BIOM-13. MICROPERFUSION-MEDIATED SOLUBLE EXTRACELLULAR ENVIRONMENT ANALYSIS FOR DETERMINATION OF CHEMOTHERAPEUTIC EFFICACY IN BRAIN TUMORS

Abstract Glioblastoma (GBM) is the most prevalent and lethally recurrent central nervous system neoplasm, but its therapeutic advancement has stagnated for over 15 years. One major hurdle in front of clinical breakthroughs has been the relative lack of real-time, treatment-responsive biomarkers that occur during therapy. The methods of microdialysis and microperfusion, now entering both clinical and pre-clinical settings, offers an opportunity to overcome this hurdle by providing real-time, biologically relevant monitoring of the tumor microenvironment (TME). The goal of this project is to identify changes in the soluble extra-cellular regional environment of the tumor (SECRETome) of GBM in response to standard-of-care treatments using intra-tumoral microperfusion. In this study, we evaluated the response of murine GBM tumors to temozolomide (TMZ) during therapy by combining transcriptional changes to metabolic phenotypes obtained from SECRETome analysis. Our data demonstrated a 2-fold increase in levels of microperfusion-sampled 2-hydroxyglutarate (2-HG) on day 3 post-TMZ therapy as compared to untreated tumors. This expression is correlated with our RNAseq analysis wherein we observed an >600 fold increase in malate dehydrogenase 1 (MDH1 - an enzyme that converts alpha-ketoglutarate to 2-HG) on Day 4 post-TMZ treatment (p = 4.20e-04) as compared to untreated tumors.

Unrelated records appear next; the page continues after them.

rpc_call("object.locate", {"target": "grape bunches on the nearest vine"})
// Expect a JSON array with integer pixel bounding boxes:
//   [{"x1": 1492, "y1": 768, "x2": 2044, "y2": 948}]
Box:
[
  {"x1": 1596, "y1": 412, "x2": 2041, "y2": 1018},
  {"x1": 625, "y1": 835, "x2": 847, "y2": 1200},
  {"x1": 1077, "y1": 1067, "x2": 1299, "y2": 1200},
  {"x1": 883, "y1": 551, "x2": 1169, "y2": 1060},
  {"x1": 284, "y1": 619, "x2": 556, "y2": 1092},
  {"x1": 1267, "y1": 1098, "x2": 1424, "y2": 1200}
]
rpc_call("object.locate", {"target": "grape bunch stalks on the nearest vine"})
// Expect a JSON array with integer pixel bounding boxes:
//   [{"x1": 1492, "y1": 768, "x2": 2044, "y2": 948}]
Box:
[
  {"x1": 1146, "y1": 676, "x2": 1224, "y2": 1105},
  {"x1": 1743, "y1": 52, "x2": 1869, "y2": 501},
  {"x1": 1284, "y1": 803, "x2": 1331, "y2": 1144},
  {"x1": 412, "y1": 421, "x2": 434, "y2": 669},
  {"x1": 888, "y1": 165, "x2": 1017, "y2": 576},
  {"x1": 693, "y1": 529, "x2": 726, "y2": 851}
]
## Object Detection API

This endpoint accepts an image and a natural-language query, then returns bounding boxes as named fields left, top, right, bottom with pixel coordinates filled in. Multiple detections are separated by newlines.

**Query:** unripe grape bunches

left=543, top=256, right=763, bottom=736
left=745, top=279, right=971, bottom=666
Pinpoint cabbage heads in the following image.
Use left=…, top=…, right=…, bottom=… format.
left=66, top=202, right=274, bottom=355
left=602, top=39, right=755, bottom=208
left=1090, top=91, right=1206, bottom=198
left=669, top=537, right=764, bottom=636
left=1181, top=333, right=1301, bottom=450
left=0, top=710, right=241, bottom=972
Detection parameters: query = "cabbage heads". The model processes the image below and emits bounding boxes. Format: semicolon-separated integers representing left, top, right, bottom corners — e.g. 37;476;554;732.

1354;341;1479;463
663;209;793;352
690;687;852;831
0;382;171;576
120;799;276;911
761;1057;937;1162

Therefore, we found that interstitial elevation of a TMZ-associated metabolite can be used to probe the genetic changes that occur within GBM during therapy. This proof-of-concept study demonstrates that microperfusion-mediated TME sampling can be used to understand the complex biological responses process that occurs during GBM chemotherapy, and may provide unique insights into how to better treat these tumors in the future. Moreover, the future establishment of clinical intra-operative microdialysis/microperfusion can be extrapolated to improve the pace of clinical therapeutic translation through homologous, treatment-responsive biomarkers in humans.